The debate rang with endless recitations of Napoleon’s thefts, desecrations, and other outrages against Venice. Virtually everyone took one side or the other. Peter and Rose Lauritzen were vocal anti-Bonapartists. I dropped in on a lecture Peter was giving to a group of English students in the Accademia. The first words I heard him say were, “Napoleon saw to the suppression of forty parishes in Venice and the destruction—
razed to the ground!
—of one hundred and seventy-six religious buildings and more than eighty palaces, all of which were decorated with paintings and other works of art. In addition, Napoleon’s agents saw to the listing for confiscation of twelve thousand paintings, a great many of which were sent to Paris to enrich the collections of something called the Musée Napoleon. I trust if any of you have been to Paris you have been to the Musée Napoleon. Today it’s rather better known as the Louvre, and of course it is the single greatest monument to organized theft in the history of art!”
A poll conducted by the
Gazzettino
showed the public to be 12 to 1 against accepting the statue. Nevertheless, Mayor Costa did accept it, and in the dead of night it was smuggled into the Correr Museum, where it was installed in a niche behind a protective shield of Plexiglas. Months later the anti-Bonapartists brought Napoleon before an ad hoc Nuremberg-style tribunal and found him guilty as charged.
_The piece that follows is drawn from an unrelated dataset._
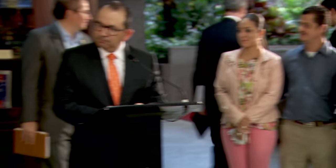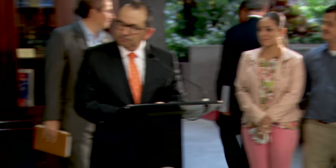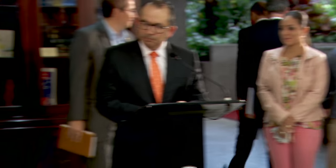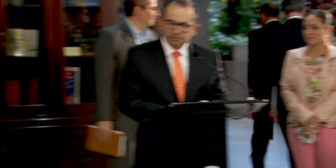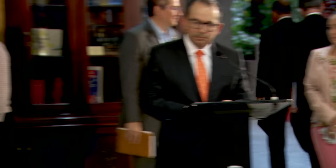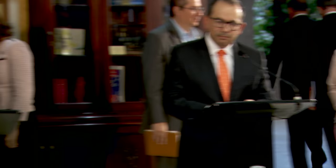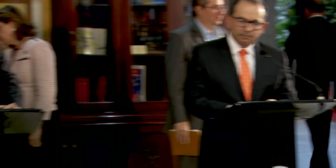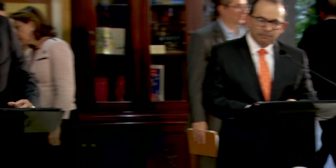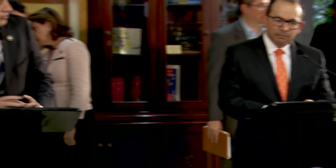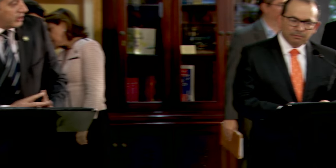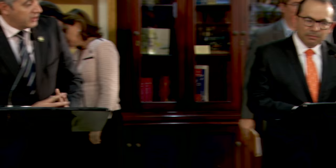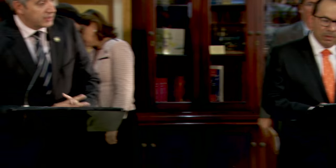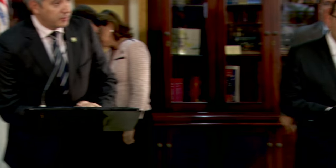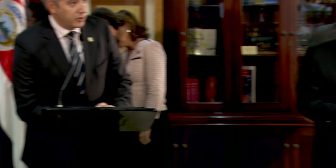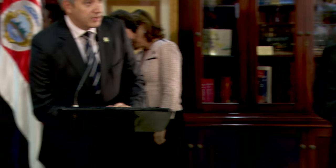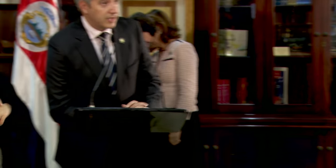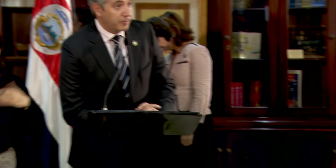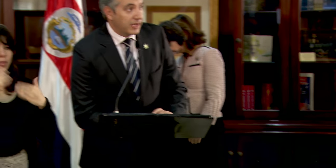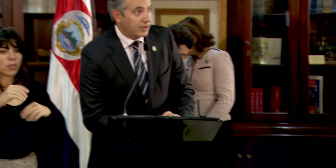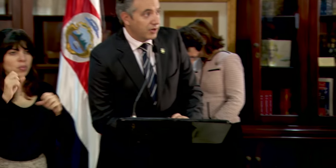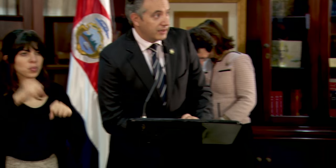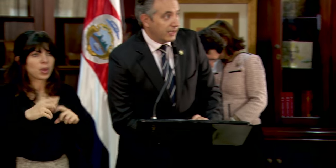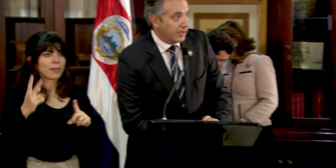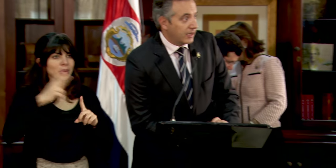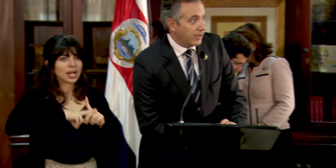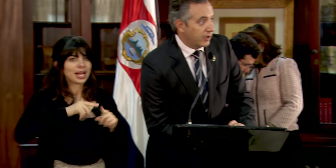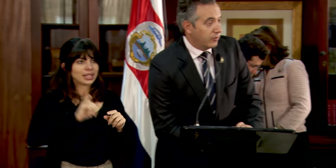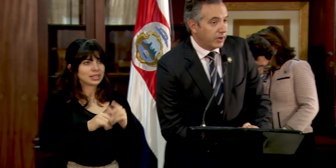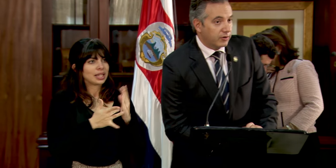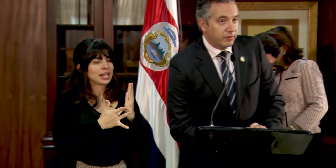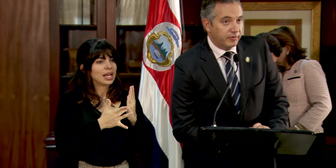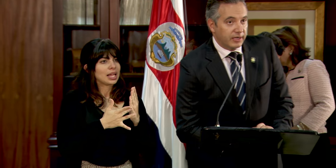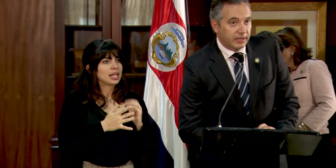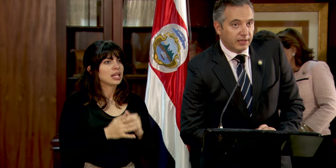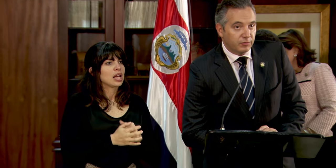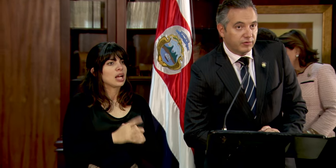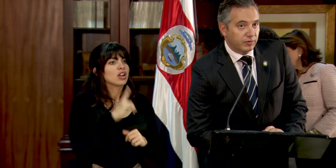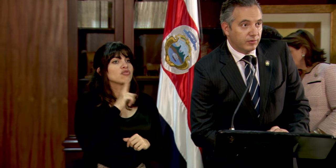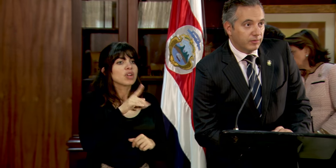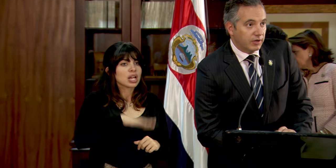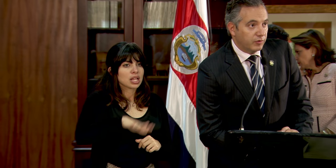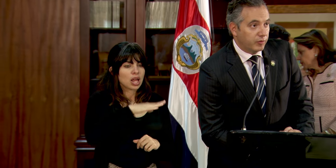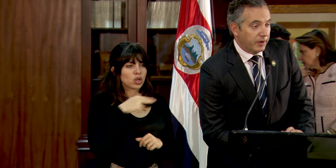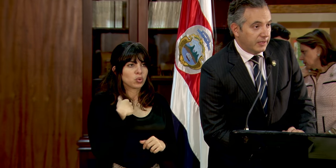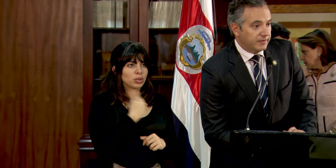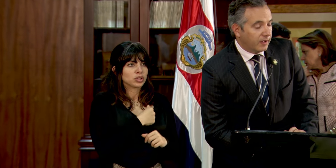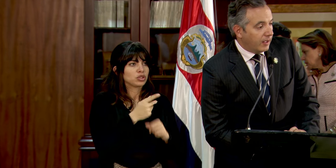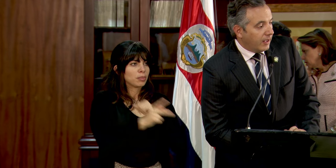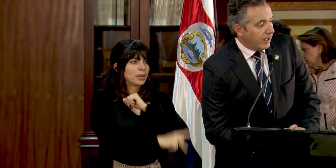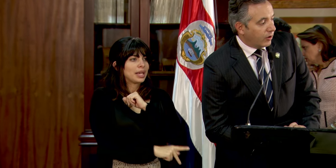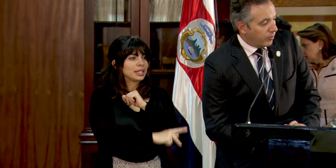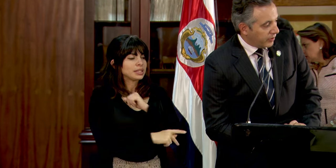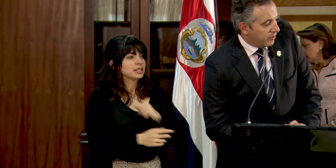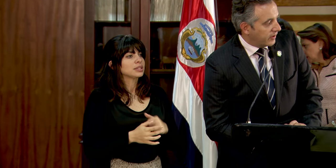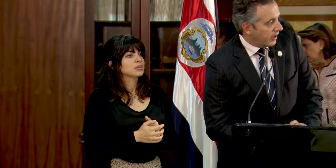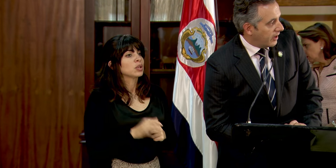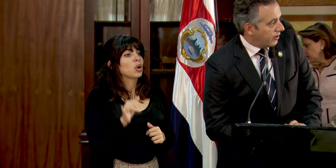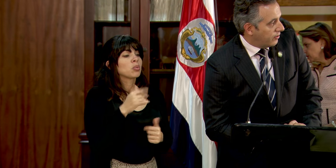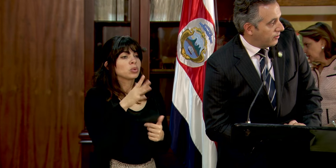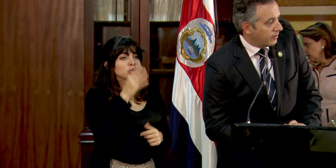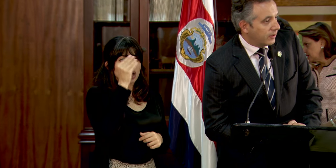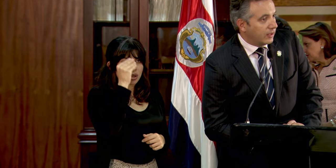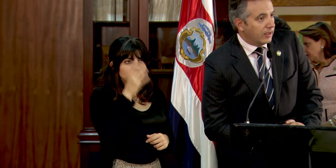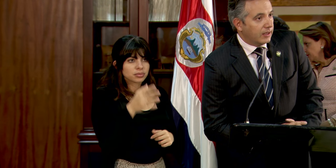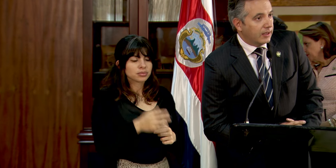en qué plazo realmente se podría estar aplicando la técnica en un marco de realidad en nuestro país. Como bien lo ha

At the height of the controversy, the leaders of the antistatue coalition sent two menacing letters to Jerome Zieseniss, the head of the French committee, advising him to get out of town. Zieseniss expressed his outrage, and city officials hastened to condemn the letter writers. Though tempers had since cooled, the gift of the statue was still widely resented as an insult to Venice. In spite of all that, however, Zieseniss had been given two excellent seats at the Fenice’s reopening. He was sitting in the orchestra beside the chairman of the World Monuments Fund, Marilyn Perry.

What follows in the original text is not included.